**Activity:**
Within the listing below, please show every line carrying the string "each".

**Data supplied:**
★ ★ ★ ★
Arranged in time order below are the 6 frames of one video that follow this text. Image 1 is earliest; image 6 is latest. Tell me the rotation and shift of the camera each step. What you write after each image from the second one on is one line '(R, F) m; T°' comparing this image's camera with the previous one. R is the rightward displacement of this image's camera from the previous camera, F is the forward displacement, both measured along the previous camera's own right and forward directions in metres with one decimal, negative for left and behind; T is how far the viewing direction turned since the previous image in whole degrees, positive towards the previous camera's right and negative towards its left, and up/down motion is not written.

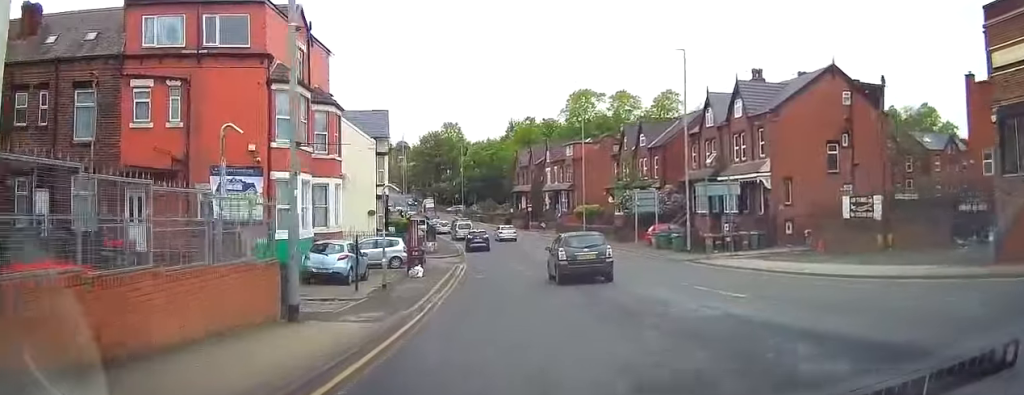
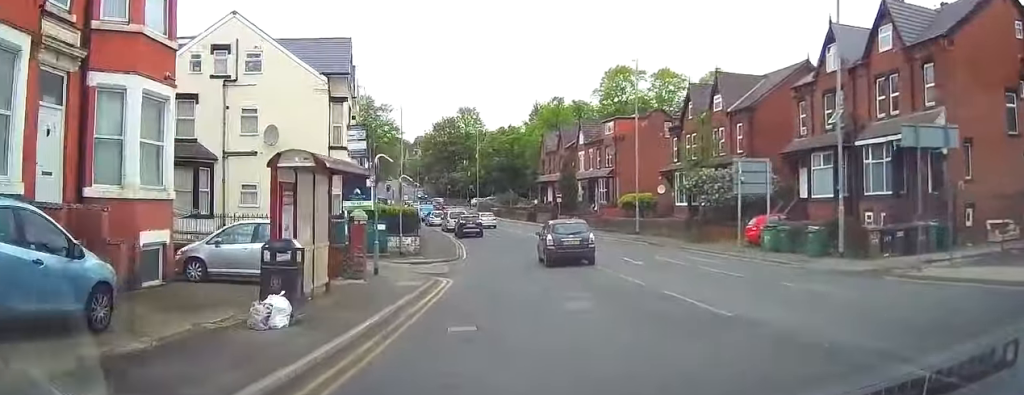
★ ★ ★ ★
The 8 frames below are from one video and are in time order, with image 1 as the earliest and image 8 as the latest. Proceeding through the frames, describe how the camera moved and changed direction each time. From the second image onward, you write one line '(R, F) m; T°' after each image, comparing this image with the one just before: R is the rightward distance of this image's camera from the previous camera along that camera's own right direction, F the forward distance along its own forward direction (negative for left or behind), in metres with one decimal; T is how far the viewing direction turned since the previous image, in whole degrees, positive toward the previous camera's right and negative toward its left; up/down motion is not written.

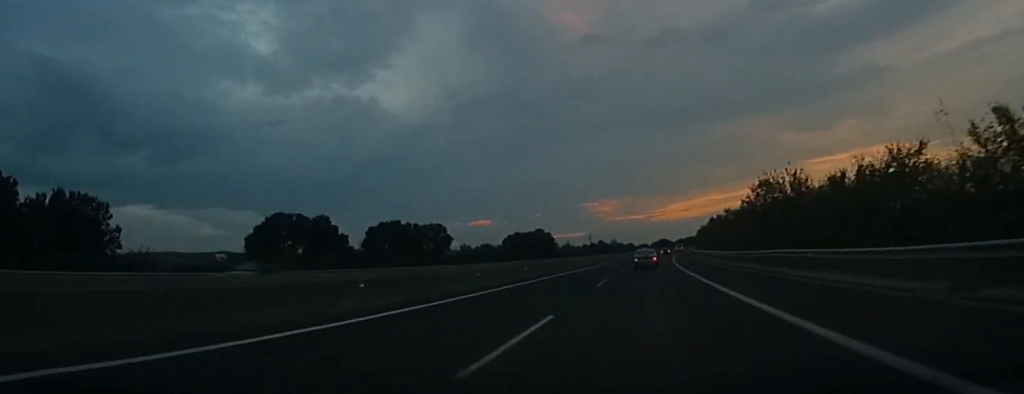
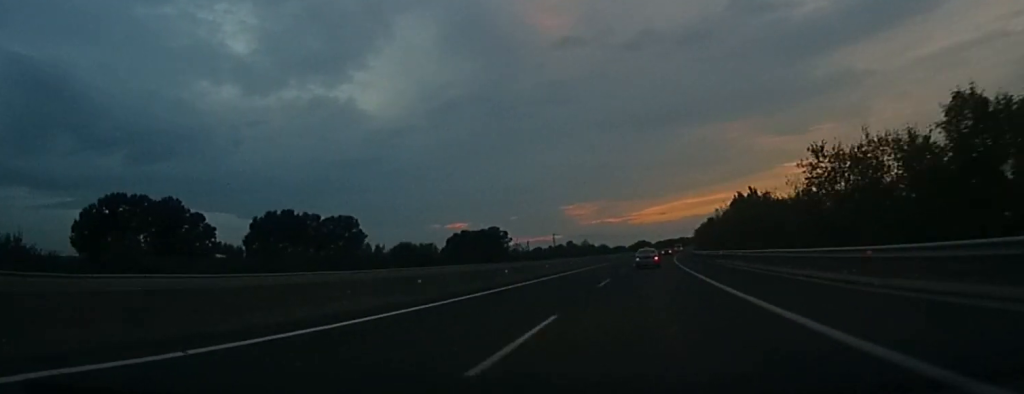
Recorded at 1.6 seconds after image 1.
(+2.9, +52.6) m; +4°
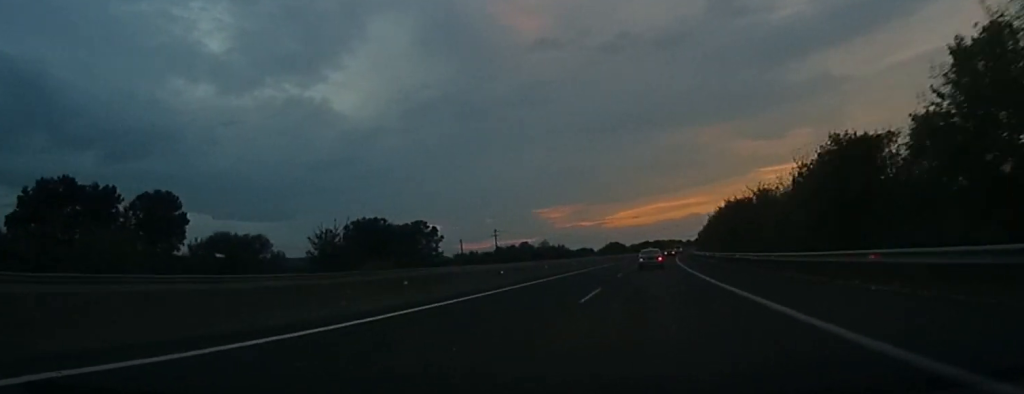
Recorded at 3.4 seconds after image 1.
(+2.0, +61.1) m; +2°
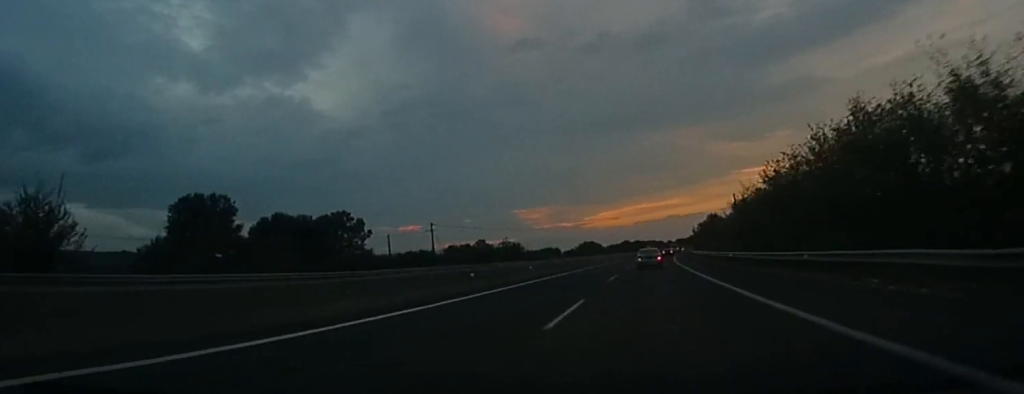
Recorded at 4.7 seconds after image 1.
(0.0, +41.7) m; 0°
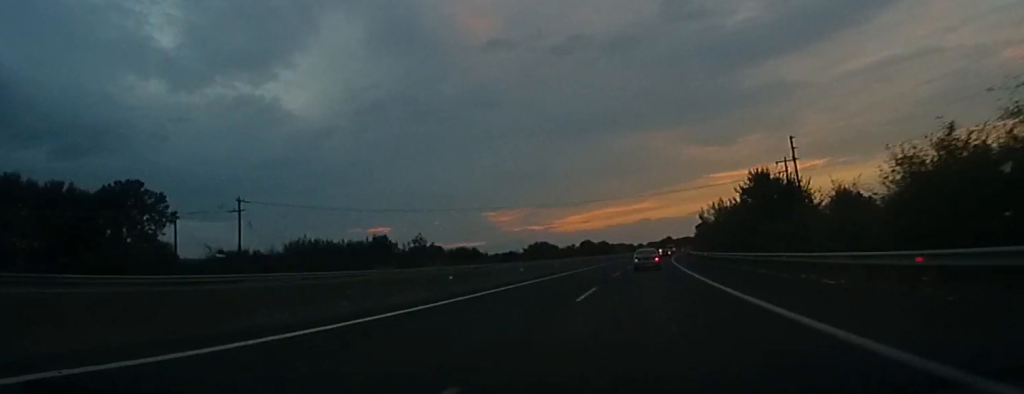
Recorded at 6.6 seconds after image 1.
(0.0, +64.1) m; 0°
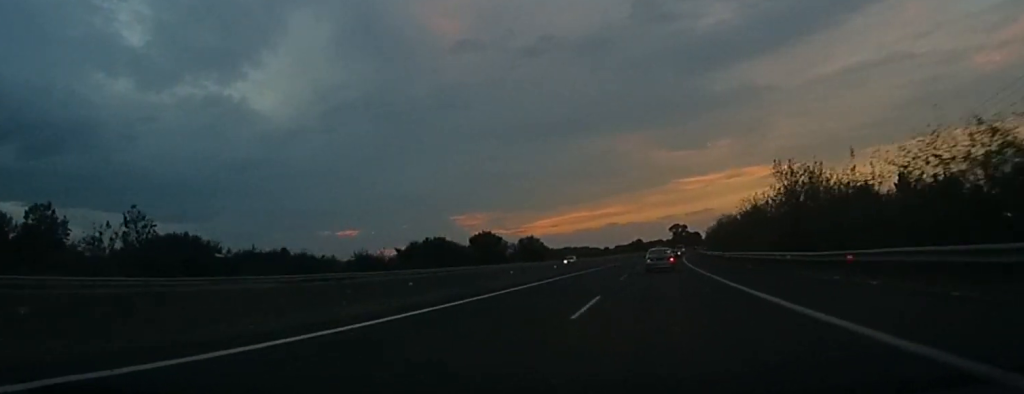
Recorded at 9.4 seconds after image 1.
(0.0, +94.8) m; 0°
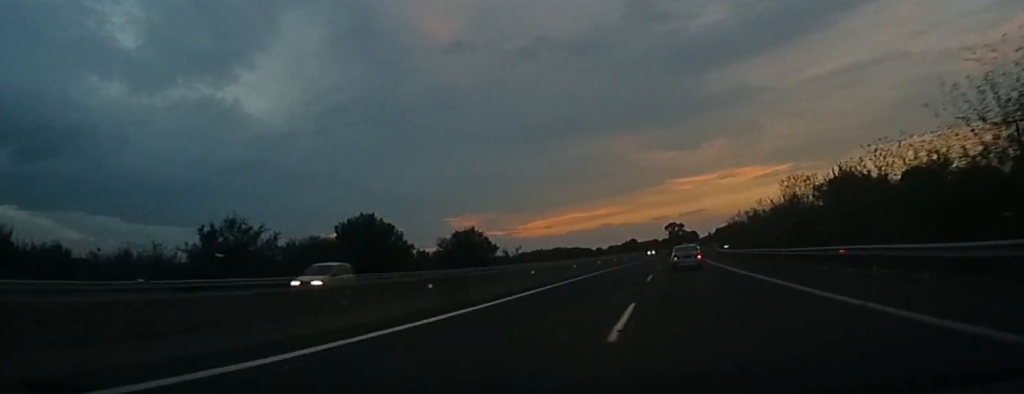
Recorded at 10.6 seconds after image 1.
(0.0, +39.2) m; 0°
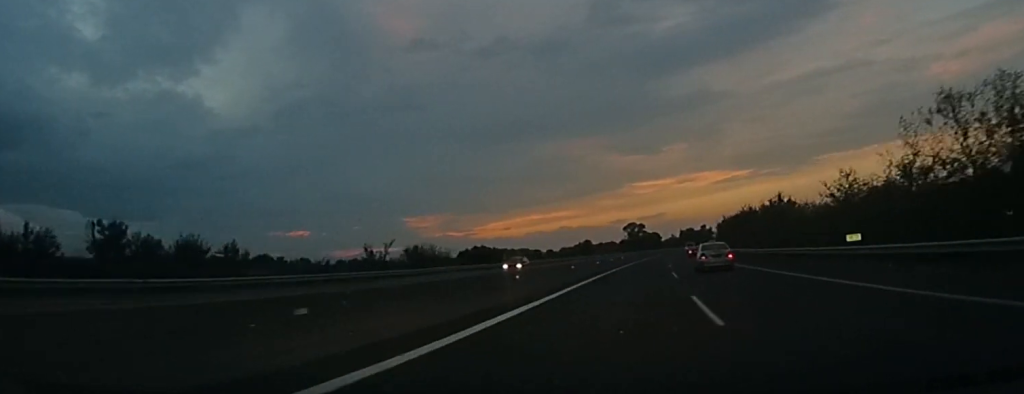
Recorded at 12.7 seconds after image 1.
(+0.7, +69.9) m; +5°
★ ★ ★ ★
**Final answer:**
Arranged in time order below are the 6 frames of one video that follow this text. Image 1 is earliest; image 6 is latest. Tell me the rotation and shift of the camera each step. What you write after each image from the second one on is one line '(R, F) m; T°' comparing this image's camera with the previous one. R is the rightward displacement of this image's camera from the previous camera, F is the forward displacement, both measured along the previous camera's own right and forward directions in metres with one decimal, negative for left and behind; T is how far the viewing direction turned since the previous image in whole degrees, positive towards the previous camera's right and negative towards its left, and up/down motion is not written.
The 8 frames below are from one video and are in time order, with image 1 as the earliest and image 8 as the latest. Proceeding through the frames, describe how the camera moved and changed direction each time. From the second image onward, you write one line '(R, F) m; T°' after each image, comparing this image with the one just before: R is the rightward distance of this image's camera from the previous camera along that camera's own right direction, F the forward distance along its own forward direction (negative for left or behind), in metres with one decimal; T is how far the viewing direction turned since the previous image, in whole degrees, positive toward the previous camera's right and negative toward its left; up/down motion is not written.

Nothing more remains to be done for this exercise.